# DSP1124P and Hi-Rez Audio



## nppublic (Jun 2, 2009)

About to buy this unit at the local guitar shop. Just a couple questions. First of all, I assume that it takes a digital signal via the LFE with 1/4 plug. I am aware that this unit processes sound at 48 khz whereas the new model is 96 khz. I have 3 questions:

1) Can the unit receive a hi rez sub signal such as 96 or 192 hz and not reject it. With blu-ray the higher rez tracks are becoming more standard.

2) The specs for the unit say: Bandwidth 20 Hz to 20 kHz, -3 dB. My sub goes down to 10 hz. Does this mean that I will lose the 10 hz, or does it mean the unit does not allow equalizing  for anything below 20 hz, but is able to pass a lower signal through unchanged?

3) Does the LFE signal input and output in digital to and from the unit?
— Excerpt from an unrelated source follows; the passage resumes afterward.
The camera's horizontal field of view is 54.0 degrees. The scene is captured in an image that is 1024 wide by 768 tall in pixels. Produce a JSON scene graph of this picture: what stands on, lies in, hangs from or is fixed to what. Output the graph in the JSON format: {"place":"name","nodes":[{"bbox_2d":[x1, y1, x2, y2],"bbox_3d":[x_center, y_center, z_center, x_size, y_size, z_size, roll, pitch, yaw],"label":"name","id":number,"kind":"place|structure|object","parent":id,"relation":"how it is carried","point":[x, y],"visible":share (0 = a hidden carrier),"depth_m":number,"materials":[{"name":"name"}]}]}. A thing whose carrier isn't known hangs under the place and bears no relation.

If not does the newer 2496 model?

thanks in advance!


----------



## brucek (Apr 11, 2006)

The BFD1124 and FBQ2496 are analog I/O devices - not digital.

Check out the Behringer site for manuals of all their devices for closer detail.

brucek


----------



## lsiberian (Mar 24, 2009)

It seems you totally don't understand an EQ system. 
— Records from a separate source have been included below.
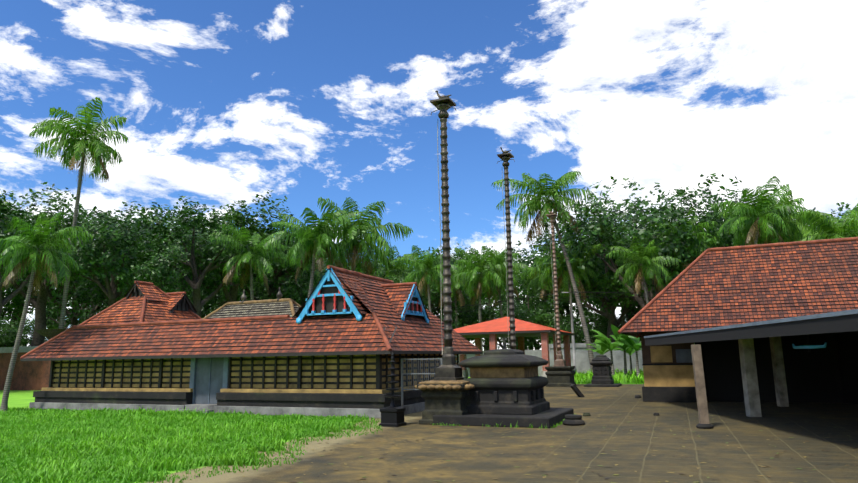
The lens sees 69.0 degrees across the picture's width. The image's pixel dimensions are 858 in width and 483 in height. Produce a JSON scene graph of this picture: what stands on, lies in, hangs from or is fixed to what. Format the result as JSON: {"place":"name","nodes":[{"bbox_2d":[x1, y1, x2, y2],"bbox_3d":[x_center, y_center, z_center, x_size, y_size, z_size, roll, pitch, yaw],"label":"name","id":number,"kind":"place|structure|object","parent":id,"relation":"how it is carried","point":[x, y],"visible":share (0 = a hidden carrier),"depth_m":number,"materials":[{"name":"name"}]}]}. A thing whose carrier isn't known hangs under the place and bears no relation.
{"place":"outdoors","nodes":[
{"label":"outdoors","id":0,"kind":"place"},
{"bbox_2d":[0,367,643,482],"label":"grass","id":1,"kind":"structure","parent":0,"point":[142,445],"depth_m":15.15,"materials":[{"name":"green plant"}]},
{"bbox_2d":[0,377,857,482],"bbox_3d":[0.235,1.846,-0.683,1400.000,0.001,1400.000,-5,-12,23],"label":"ground","id":2,"kind":"structure","parent":0,"point":[490,461],"depth_m":13.19,"materials":[{"name":"brown stone"}]},
{"bbox_2d":[0,200,12,229],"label":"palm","id":3,"kind":"object","parent":2,"relation":"on","point":[9,223],"visible":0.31,"depth_m":50.36,"materials":[{"name":"green plant"}]},
{"bbox_2d":[0,215,14,315],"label":"tree","id":4,"kind":"object","parent":2,"relation":"on","point":[4,224],"visible":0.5,"depth_m":49.59,"materials":[{"name":"green plant"}]},
{"bbox_2d":[0,319,31,346],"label":"tree","id":5,"kind":"object","parent":2,"relation":"on","point":[7,332],"visible":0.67,"depth_m":56.91,"materials":[{"name":"green plant"}]},
{"bbox_2d":[0,316,33,346],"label":"tree","id":6,"kind":"object","parent":2,"relation":"on","point":[11,341],"visible":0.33,"depth_m":58.76,"materials":[{"name":"green plant"}]},
{"bbox_2d":[0,234,34,329],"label":"tree","id":7,"kind":"object","parent":2,"relation":"on","point":[9,307],"visible":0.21,"depth_m":77.74,"materials":[{"name":"green plant"}]},
{"bbox_2d":[1,203,54,327],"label":"tree","id":8,"kind":"object","parent":2,"relation":"on","point":[18,314],"depth_m":85.11,"materials":[{"name":"green plant"}]},
{"bbox_2d":[1,318,55,346],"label":"tree","id":9,"kind":"object","parent":2,"relation":"on","point":[32,331],"visible":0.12,"depth_m":60.92,"materials":[{"name":"green plant"}]},
{"bbox_2d":[0,190,73,317],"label":"tree","id":10,"kind":"object","parent":2,"relation":"on","point":[25,279],"visible":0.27,"depth_m":48.88,"materials":[{"name":"green plant"}]},
{"bbox_2d":[11,313,71,339],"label":"tree","id":11,"kind":"object","parent":2,"relation":"on","point":[55,324],"visible":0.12,"depth_m":62.77,"materials":[{"name":"green plant"}]},
{"bbox_2d":[0,211,93,411],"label":"palm","id":12,"kind":"object","parent":2,"relation":"on","point":[23,253],"visible":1,"depth_m":27.24,"materials":[{"name":"green plant"}]},
{"bbox_2d":[0,182,115,345],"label":"tree","id":13,"kind":"object","parent":2,"relation":"on","point":[39,305],"visible":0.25,"depth_m":53.83,"materials":[{"name":"green plant"}]},
{"bbox_2d":[1,229,127,328],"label":"tree","id":14,"kind":"object","parent":2,"relation":"on","point":[75,314],"visible":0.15,"depth_m":58.17,"materials":[{"name":"green plant"}]},
{"bbox_2d":[29,97,128,328],"bbox_3d":[-28.739,-0.150,49.683,7.364,23.973,7.892,-5,-12,23],"label":"tall palm","id":15,"kind":"object","parent":2,"relation":"on","point":[96,146],"visible":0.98,"depth_m":50.87,"materials":[{"name":"green plant"}]},
{"bbox_2d":[0,188,160,328],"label":"tree","id":16,"kind":"object","parent":2,"relation":"on","point":[71,211],"visible":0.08,"depth_m":77.67,"materials":[{"name":"green plant"}]},
{"bbox_2d":[2,193,183,320],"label":"tree","id":17,"kind":"object","parent":2,"relation":"on","point":[51,289],"visible":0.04,"depth_m":78.54,"materials":[{"name":"green plant"}]},
{"bbox_2d":[84,305,107,318],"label":"tree","id":18,"kind":"object","parent":2,"relation":"on","point":[95,312],"depth_m":65.86,"materials":[{"name":"green plant"}]},
{"bbox_2d":[55,207,170,306],"bbox_3d":[-27.885,4.783,52.932,8.170,15.371,10.708,-1,-11,2],"label":"tree","id":19,"kind":"object","parent":2,"relation":"on","point":[108,263],"visible":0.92,"depth_m":51.53,"materials":[{"name":"green plant"}]},
{"bbox_2d":[45,206,222,311],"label":"tree","id":20,"kind":"object","parent":2,"relation":"on","point":[95,208],"depth_m":84.60,"materials":[{"name":"green plant"}]},
{"bbox_2d":[56,215,230,310],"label":"tree","id":21,"kind":"object","parent":2,"relation":"on","point":[138,260],"depth_m":87.65,"materials":[{"name":"green plant"}]},
{"bbox_2d":[110,225,189,297],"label":"tree","id":22,"kind":"object","parent":2,"relation":"on","point":[158,279],"visible":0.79,"depth_m":51.33,"materials":[{"name":"green plant"}]},
{"bbox_2d":[136,219,226,317],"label":"tree","id":23,"kind":"object","parent":2,"relation":"on","point":[214,305],"visible":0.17,"depth_m":70.82,"materials":[{"name":"green plant"}]},
{"bbox_2d":[92,205,290,316],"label":"tree","id":24,"kind":"object","parent":2,"relation":"on","point":[183,281],"visible":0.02,"depth_m":77.64,"materials":[{"name":"green plant"}]},
{"bbox_2d":[132,196,256,316],"bbox_3d":[-21.899,4.516,58.915,11.646,18.001,8.885,0,-11,-4],"label":"tree","id":25,"kind":"object","parent":2,"relation":"on","point":[196,283],"visible":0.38,"depth_m":57.74,"materials":[{"name":"green plant"}]},
{"bbox_2d":[124,205,306,313],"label":"tree","id":26,"kind":"object","parent":2,"relation":"on","point":[206,281],"visible":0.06,"depth_m":82.52,"materials":[{"name":"green plant"}]},
{"bbox_2d":[29,385,424,417],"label":"plinth","id":27,"kind":"structure","parent":2,"relation":"on","point":[336,402],"depth_m":23.26,"materials":[{"name":"stone"}]},
{"bbox_2d":[189,357,228,403],"bbox_3d":[-8.610,5.381,24.566,1.900,1.980,0.220,-5,-12,23],"label":"door","id":28,"kind":"structure","parent":27,"relation":"on","point":[208,379],"depth_m":24.57,"materials":[{"name":"grey wood"}]},
{"bbox_2d":[48,354,458,388],"bbox_3d":[-7.875,5.346,28.463,16.860,2.300,7.745,-5,-12,23],"label":"lattice","id":29,"kind":"object","parent":27,"relation":"on","point":[371,371],"visible":0.5,"depth_m":23.95,"materials":[{"name":"brown wood"}]},
{"bbox_2d":[20,268,481,358],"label":"roof","id":30,"kind":"structure","parent":29,"relation":"on","point":[286,334],"depth_m":24.48,"materials":[{"name":"tile"}]},
{"bbox_2d":[79,285,201,324],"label":"roof","id":31,"kind":"structure","parent":30,"relation":"attached to","point":[129,309],"depth_m":31.19,"materials":[{"name":"tile"}]},
{"bbox_2d":[123,281,164,301],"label":"roof gable","id":32,"kind":"structure","parent":31,"relation":"on","point":[139,288],"depth_m":31.95,"materials":[{"name":"red tile"}]},
{"bbox_2d":[167,292,196,313],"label":"roof gable","id":33,"kind":"structure","parent":31,"relation":"on","point":[179,301],"depth_m":32.89,"materials":[{"name":"red tile"}]},
{"bbox_2d":[20,327,482,360],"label":"fascia","id":34,"kind":"structure","parent":30,"relation":"attached to","point":[262,355],"depth_m":23.37,"materials":[{"name":"brown wood"}]},
{"bbox_2d":[202,298,300,318],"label":"roof","id":35,"kind":"structure","parent":30,"relation":"on","point":[284,306],"depth_m":27.91,"materials":[{"name":"grey tile"}]},
{"bbox_2d":[241,287,281,302],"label":"finials","id":36,"kind":"object","parent":35,"relation":"on","point":[278,296],"visible":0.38,"depth_m":27.97,"materials":[{"name":"grey metal"}]},
{"bbox_2d":[296,265,371,323],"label":"gable","id":37,"kind":"structure","parent":30,"relation":"on","point":[332,293],"depth_m":23.30,"materials":[{"name":"blue wood"}]},
{"bbox_2d":[353,282,429,322],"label":"gable","id":38,"kind":"structure","parent":30,"relation":"on","point":[405,298],"depth_m":25.77,"materials":[{"name":"red tile"}]},
{"bbox_2d":[173,190,297,301],"bbox_3d":[-18.498,4.340,62.587,10.465,19.647,13.716,-8,-13,34],"label":"tree","id":39,"kind":"object","parent":2,"relation":"on","point":[237,218],"visible":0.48,"depth_m":62.39,"materials":[{"name":"green plant"}]},
{"bbox_2d":[207,224,296,300],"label":"palm","id":40,"kind":"object","parent":2,"relation":"on","point":[261,263],"visible":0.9,"depth_m":56.78,"materials":[{"name":"green plant"}]},
{"bbox_2d":[215,203,326,299],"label":"tree","id":41,"kind":"object","parent":2,"relation":"on","point":[290,272],"visible":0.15,"depth_m":67.27,"materials":[{"name":"green plant"}]},
{"bbox_2d":[217,250,350,304],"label":"tree","id":42,"kind":"object","parent":2,"relation":"on","point":[255,285],"visible":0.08,"depth_m":75.25,"materials":[{"name":"green plant"}]},
{"bbox_2d":[256,259,366,304],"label":"tree","id":43,"kind":"object","parent":2,"relation":"on","point":[298,298],"visible":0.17,"depth_m":66.66,"materials":[{"name":"green plant"}]},
{"bbox_2d":[261,208,363,296],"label":"palm","id":44,"kind":"object","parent":2,"relation":"on","point":[313,240],"visible":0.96,"depth_m":46.74,"materials":[{"name":"green plant"}]},
{"bbox_2d":[0,342,642,389],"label":"walls","id":45,"kind":"structure","parent":2,"relation":"on","point":[30,375],"depth_m":49.61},
{"bbox_2d":[311,197,412,276],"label":"palm","id":46,"kind":"object","parent":2,"relation":"on","point":[352,246],"visible":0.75,"depth_m":49.57,"materials":[{"name":"green plant"}]},
{"bbox_2d":[355,247,401,282],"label":"tree","id":47,"kind":"object","parent":2,"relation":"on","point":[381,273],"visible":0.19,"depth_m":65.81,"materials":[{"name":"green plant"}]},
{"bbox_2d":[379,352,405,426],"bbox_3d":[-1.087,4.390,18.636,0.600,2.150,0.600,-5,-12,23],"label":"stone lamp","id":48,"kind":"object","parent":2,"relation":"on","point":[392,414],"visible":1,"depth_m":18.35,"materials":[{"name":"black stone"}]},
{"bbox_2d":[375,245,425,282],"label":"tree","id":49,"kind":"object","parent":2,"relation":"on","point":[396,268],"visible":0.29,"depth_m":68.56,"materials":[{"name":"green plant"}]},
{"bbox_2d":[401,358,441,406],"bbox_3d":[1.177,4.853,20.762,4.660,1.950,0.060,-5,-12,23],"label":"metal grille","id":50,"kind":"object","parent":2,"relation":"on","point":[411,373],"visible":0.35,"depth_m":21.55,"materials":[{"name":"grey metal"}]},
{"bbox_2d":[390,245,459,311],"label":"palm","id":51,"kind":"object","parent":2,"relation":"on","point":[433,273],"visible":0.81,"depth_m":62.30,"materials":[{"name":"green plant"}]},
{"bbox_2d":[383,267,470,321],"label":"tree","id":52,"kind":"object","parent":2,"relation":"on","point":[434,298],"visible":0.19,"depth_m":71.64,"materials":[{"name":"green plant"}]},
{"bbox_2d":[414,380,474,424],"bbox_3d":[0.632,4.919,19.218,1.843,1.270,1.836,-5,-12,23],"label":"flagpole base","id":53,"kind":"object","parent":2,"relation":"on","point":[445,397],"visible":0.77,"depth_m":18.65,"materials":[{"name":"grey stone"}]},
{"bbox_2d":[430,91,463,380],"bbox_3d":[0.547,-0.410,20.215,0.948,9.574,0.948,-5,-12,23],"label":"flagpole","id":54,"kind":"object","parent":2,"relation":"on","point":[448,369],"visible":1,"depth_m":19.96,"materials":[{"name":"grey metal"}]},
{"bbox_2d":[435,313,473,340],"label":"tree","id":55,"kind":"object","parent":2,"relation":"on","point":[458,323],"visible":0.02,"depth_m":69.98,"materials":[{"name":"green plant"}]},
{"bbox_2d":[420,278,490,326],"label":"tree","id":56,"kind":"object","parent":2,"relation":"on","point":[469,314],"visible":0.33,"depth_m":73.97,"materials":[{"name":"green plant"}]},
{"bbox_2d":[430,253,482,327],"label":"palm","id":57,"kind":"object","parent":2,"relation":"on","point":[458,289],"visible":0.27,"depth_m":71.09,"materials":[{"name":"green plant"}]},
{"bbox_2d":[428,243,491,301],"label":"tree","id":58,"kind":"object","parent":2,"relation":"on","point":[453,259],"depth_m":96.74,"materials":[{"name":"green plant"}]},
{"bbox_2d":[442,307,478,340],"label":"tree","id":59,"kind":"object","parent":2,"relation":"on","point":[467,321],"visible":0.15,"depth_m":73.73,"materials":[{"name":"green plant"}]},
{"bbox_2d":[451,247,520,354],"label":"palm","id":60,"kind":"object","parent":2,"relation":"on","point":[485,277],"visible":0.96,"depth_m":63.12,"materials":[{"name":"green plant"}]},
{"bbox_2d":[439,244,537,350],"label":"tree","id":61,"kind":"object","parent":2,"relation":"on","point":[513,251],"visible":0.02,"depth_m":93.74,"materials":[{"name":"green plant"}]},
{"bbox_2d":[460,276,523,322],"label":"tree","id":62,"kind":"object","parent":2,"relation":"on","point":[503,299],"visible":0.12,"depth_m":78.40,"materials":[{"name":"green plant"}]},
{"bbox_2d":[468,301,516,349],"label":"tree","id":63,"kind":"object","parent":2,"relation":"on","point":[490,312],"visible":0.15,"depth_m":73.33,"materials":[{"name":"green plant"}]},
{"bbox_2d":[461,246,528,348],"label":"palm","id":64,"kind":"object","parent":2,"relation":"on","point":[502,257],"visible":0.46,"depth_m":65.61,"materials":[{"name":"green plant"}]},
{"bbox_2d":[433,349,573,427],"bbox_3d":[2.400,4.492,19.617,3.500,2.200,3.500,-5,-12,23],"label":"stone altar","id":65,"kind":"object","parent":2,"relation":"on","point":[508,389],"visible":0.96,"depth_m":18.61,"materials":[{"name":"grey stone"}]},
{"bbox_2d":[497,147,515,348],"bbox_3d":[3.883,0.714,30.064,0.948,11.024,0.948,-5,-12,23],"label":"flagpole","id":66,"kind":"object","parent":2,"relation":"on","point":[505,156],"visible":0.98,"depth_m":30.05,"materials":[{"name":"grey metal"}]},
{"bbox_2d":[454,317,573,378],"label":"pavilion","id":67,"kind":"structure","parent":2,"relation":"on","point":[493,330],"depth_m":49.17,"materials":[{"name":"tile"}]},
{"bbox_2d":[473,301,555,349],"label":"tree","id":68,"kind":"object","parent":2,"relation":"on","point":[526,342],"visible":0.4,"depth_m":70.16,"materials":[{"name":"green plant"}]},
{"bbox_2d":[181,387,854,482],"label":"fallen leaves","id":69,"kind":"object","parent":2,"relation":"on","point":[591,448],"visible":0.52,"depth_m":12.71,"materials":[{"name":"brown plant"}]},
{"bbox_2d":[495,261,559,349],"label":"tree","id":70,"kind":"object","parent":2,"relation":"on","point":[542,306],"visible":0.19,"depth_m":73.36,"materials":[{"name":"green plant"}]},
{"bbox_2d":[483,254,583,318],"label":"tree","id":71,"kind":"object","parent":2,"relation":"on","point":[526,299],"visible":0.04,"depth_m":100.37,"materials":[{"name":"green plant"}]},
{"bbox_2d":[491,171,596,371],"bbox_3d":[11.034,2.707,57.709,9.726,20.190,8.852,-3,-11,13],"label":"palm","id":72,"kind":"object","parent":2,"relation":"on","point":[534,203],"visible":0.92,"depth_m":57.80,"materials":[{"name":"green plant"}]},
{"bbox_2d":[500,301,587,349],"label":"tree","id":73,"kind":"object","parent":2,"relation":"on","point":[536,312],"visible":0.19,"depth_m":72.91,"materials":[{"name":"green plant"}]},
{"bbox_2d":[433,288,658,371],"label":"wires","id":74,"kind":"object","parent":2,"relation":"on","point":[573,338],"visible":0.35,"depth_m":55.80,"materials":[{"name":"black"}]},
{"bbox_2d":[522,257,571,308],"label":"palm","id":75,"kind":"object","parent":2,"relation":"on","point":[526,276],"visible":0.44,"depth_m":73.21,"materials":[{"name":"green plant"}]},
{"bbox_2d":[546,209,566,366],"bbox_3d":[8.618,3.014,42.407,0.948,10.734,0.948,-5,-12,23],"label":"flagpole","id":76,"kind":"object","parent":2,"relation":"on","point":[559,361],"visible":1,"depth_m":42.16,"materials":[{"name":"brown metal"}]},
{"bbox_2d":[518,262,602,329],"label":"tree","id":77,"kind":"object","parent":2,"relation":"on","point":[566,306],"visible":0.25,"depth_m":77.10,"materials":[{"name":"green plant"}]},
{"bbox_2d":[545,366,575,386],"bbox_3d":[8.712,8.918,41.302,1.680,1.280,1.680,-5,-12,23],"label":"stone pedestal","id":78,"kind":"object","parent":2,"relation":"on","point":[560,376],"visible":0.92,"depth_m":40.62,"materials":[{"name":"grey stone"}]},
{"bbox_2d":[528,241,601,342],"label":"palm","id":79,"kind":"object","parent":2,"relation":"on","point":[562,276],"visible":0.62,"depth_m":59.67,"materials":[{"name":"green plant"}]},
{"bbox_2d":[522,309,608,348],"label":"tree","id":80,"kind":"object","parent":2,"relation":"on","point":[578,334],"visible":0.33,"depth_m":68.17,"materials":[{"name":"green plant"}]},
{"bbox_2d":[564,306,625,341],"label":"tree","id":81,"kind":"object","parent":2,"relation":"on","point":[596,326],"visible":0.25,"depth_m":71.47,"materials":[{"name":"green plant"}]},
{"bbox_2d":[503,213,691,328],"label":"tree","id":82,"kind":"object","parent":2,"relation":"on","point":[541,241],"visible":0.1,"depth_m":83.83,"materials":[{"name":"green plant"}]},
{"bbox_2d":[585,338,615,354],"bbox_3d":[14.850,9.962,52.828,2.918,3.481,2.923,1,-11,-13],"label":"banana","id":83,"kind":"object","parent":2,"relation":"on","point":[600,349],"visible":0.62,"depth_m":52.87,"materials":[{"name":"green plant"}]},
{"bbox_2d":[544,196,659,342],"bbox_3d":[17.641,4.501,63.471,12.267,18.381,13.769,-4,-11,17],"label":"tree","id":84,"kind":"object","parent":2,"relation":"on","point":[612,300],"visible":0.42,"depth_m":61.90,"materials":[{"name":"green plant"}]},
{"bbox_2d":[584,354,621,386],"bbox_3d":[11.179,8.317,40.313,2.100,2.020,2.100,-5,-12,23],"label":"stone pedestal","id":85,"kind":"object","parent":2,"relation":"on","point":[601,364],"visible":1,"depth_m":39.80,"materials":[{"name":"grey stone"}]},
{"bbox_2d":[592,330,623,375],"bbox_3d":[13.937,8.624,47.154,3.433,4.087,3.427,-7,-12,31],"label":"banana","id":86,"kind":"object","parent":2,"relation":"on","point":[605,342],"visible":0.9,"depth_m":47.04,"materials":[{"name":"green plant"}]},
{"bbox_2d":[562,384,659,425],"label":"stones","id":87,"kind":"object","parent":2,"relation":"on","point":[573,420],"visible":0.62,"depth_m":17.86,"materials":[{"name":"grey stone"}]},
{"bbox_2d":[597,324,628,376],"bbox_3d":[15.303,8.740,48.834,3.226,4.438,2.920,6,-13,-34],"label":"banana","id":88,"kind":"object","parent":2,"relation":"on","point":[615,336],"visible":0.4,"depth_m":48.55,"materials":[{"name":"green plant"}]},
{"bbox_2d":[586,258,649,326],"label":"tree","id":89,"kind":"object","parent":2,"relation":"on","point":[623,321],"visible":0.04,"depth_m":65.92,"materials":[{"name":"green plant"}]},
{"bbox_2d":[558,214,684,341],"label":"tree","id":90,"kind":"object","parent":2,"relation":"on","point":[631,311],"visible":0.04,"depth_m":67.89,"materials":[{"name":"green plant"}]},
{"bbox_2d":[613,347,641,374],"bbox_3d":[16.398,9.681,51.260,2.853,3.403,2.858,3,-11,-19],"label":"banana","id":91,"kind":"object","parent":2,"relation":"on","point":[630,350],"visible":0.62,"depth_m":51.13,"materials":[{"name":"green plant"}]},
{"bbox_2d":[619,334,641,376],"bbox_3d":[15.547,8.343,46.359,2.824,4.293,3.120,-3,-11,11],"label":"banana","id":92,"kind":"object","parent":2,"relation":"on","point":[632,342],"visible":0.5,"depth_m":46.51,"materials":[{"name":"green plant"}]},
{"bbox_2d":[605,236,681,303],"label":"palm","id":93,"kind":"object","parent":2,"relation":"on","point":[644,259],"visible":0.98,"depth_m":52.13,"materials":[{"name":"green plant"}]},
{"bbox_2d":[539,173,762,312],"bbox_3d":[20.598,3.953,59.846,21.843,18.294,21.876,3,-11,-22],"label":"tree","id":94,"kind":"object","parent":2,"relation":"on","point":[598,232],"visible":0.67,"depth_m":55.16,"materials":[{"name":"green plant"}]},
{"bbox_2d":[621,187,736,305],"bbox_3d":[24.705,3.820,61.016,10.425,18.601,11.702,-2,-11,7],"label":"tree","id":95,"kind":"object","parent":2,"relation":"on","point":[685,203],"visible":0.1,"depth_m":60.85,"materials":[{"name":"green plant"}]},
{"bbox_2d":[639,208,725,268],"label":"tree","id":96,"kind":"object","parent":2,"relation":"on","point":[702,234],"visible":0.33,"depth_m":54.97,"materials":[{"name":"green plant"}]},
{"bbox_2d":[691,345,713,428],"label":"pillar","id":97,"kind":"structure","parent":2,"relation":"on","point":[701,396],"depth_m":16.78,"materials":[{"name":"grey concrete"}]},
{"bbox_2d":[691,189,748,261],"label":"tree","id":98,"kind":"object","parent":2,"relation":"on","point":[733,196],"visible":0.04,"depth_m":63.58,"materials":[{"name":"green plant"}]},
{"bbox_2d":[709,196,799,247],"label":"tree","id":99,"kind":"object","parent":2,"relation":"on","point":[726,236],"visible":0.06,"depth_m":56.24,"materials":[{"name":"green plant"}]},
{"bbox_2d":[710,175,808,245],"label":"palm","id":100,"kind":"object","parent":2,"relation":"on","point":[757,210],"visible":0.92,"depth_m":44.07,"materials":[{"name":"green plant"}]},
{"bbox_2d":[738,336,788,416],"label":"pillars","id":101,"kind":"structure","parent":2,"relation":"on","point":[750,379],"depth_m":19.71,"materials":[{"name":"grey stone"}]},
{"bbox_2d":[644,309,857,345],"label":"awning","id":102,"kind":"object","parent":101,"relation":"on","point":[835,323],"visible":1,"depth_m":14.27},
{"bbox_2d":[719,186,832,244],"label":"palm","id":103,"kind":"object","parent":2,"relation":"on","point":[798,223],"visible":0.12,"depth_m":45.62,"materials":[{"name":"green plant"}]},
{"bbox_2d":[732,202,849,244],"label":"tree","id":104,"kind":"object","parent":2,"relation":"on","point":[840,209],"depth_m":55.43,"materials":[{"name":"green plant"}]},
{"bbox_2d":[786,203,857,241],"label":"tree","id":105,"kind":"object","parent":2,"relation":"on","point":[833,226],"visible":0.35,"depth_m":42.22,"materials":[{"name":"green plant"}]},
{"bbox_2d":[0,0,857,350],"label":"sky","id":106,"kind":"structure","parent":0,"point":[223,102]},
{"bbox_2d":[640,330,857,403],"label":"hall walls","id":107,"kind":"structure","parent":0,"point":[828,373],"depth_m":25.46,"materials":[{"name":"black paint"}]},
{"bbox_2d":[617,237,857,337],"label":"hall roof","id":108,"kind":"structure","parent":107,"relation":"on","point":[718,287],"depth_m":25.94,"materials":[{"name":"red tile"}]},
{"bbox_2d":[792,315,826,351],"bbox_3d":[8.910,2.165,14.697,0.100,0.870,1.526,-2,-11,5],"label":"balance","id":109,"kind":"object","parent":107,"relation":"attached to","point":[808,346],"visible":0.96,"depth_m":14.61,"materials":[{"name":"teal metal"}]}
]}

Basically the EQ system goes in between your pre-pro and amplifier. 

For the DSP you would feed your LFE pre-amp output to it's input. Then you would feed it's output to your subs amp input. 

The DCX is a better system that allow complete integration of the front sound stage with enough external amps. 

Hi-Rez is processed by the pre-pro not the crossover or amps. 

If you are using a receiver it would likely be your pre-pro.


----------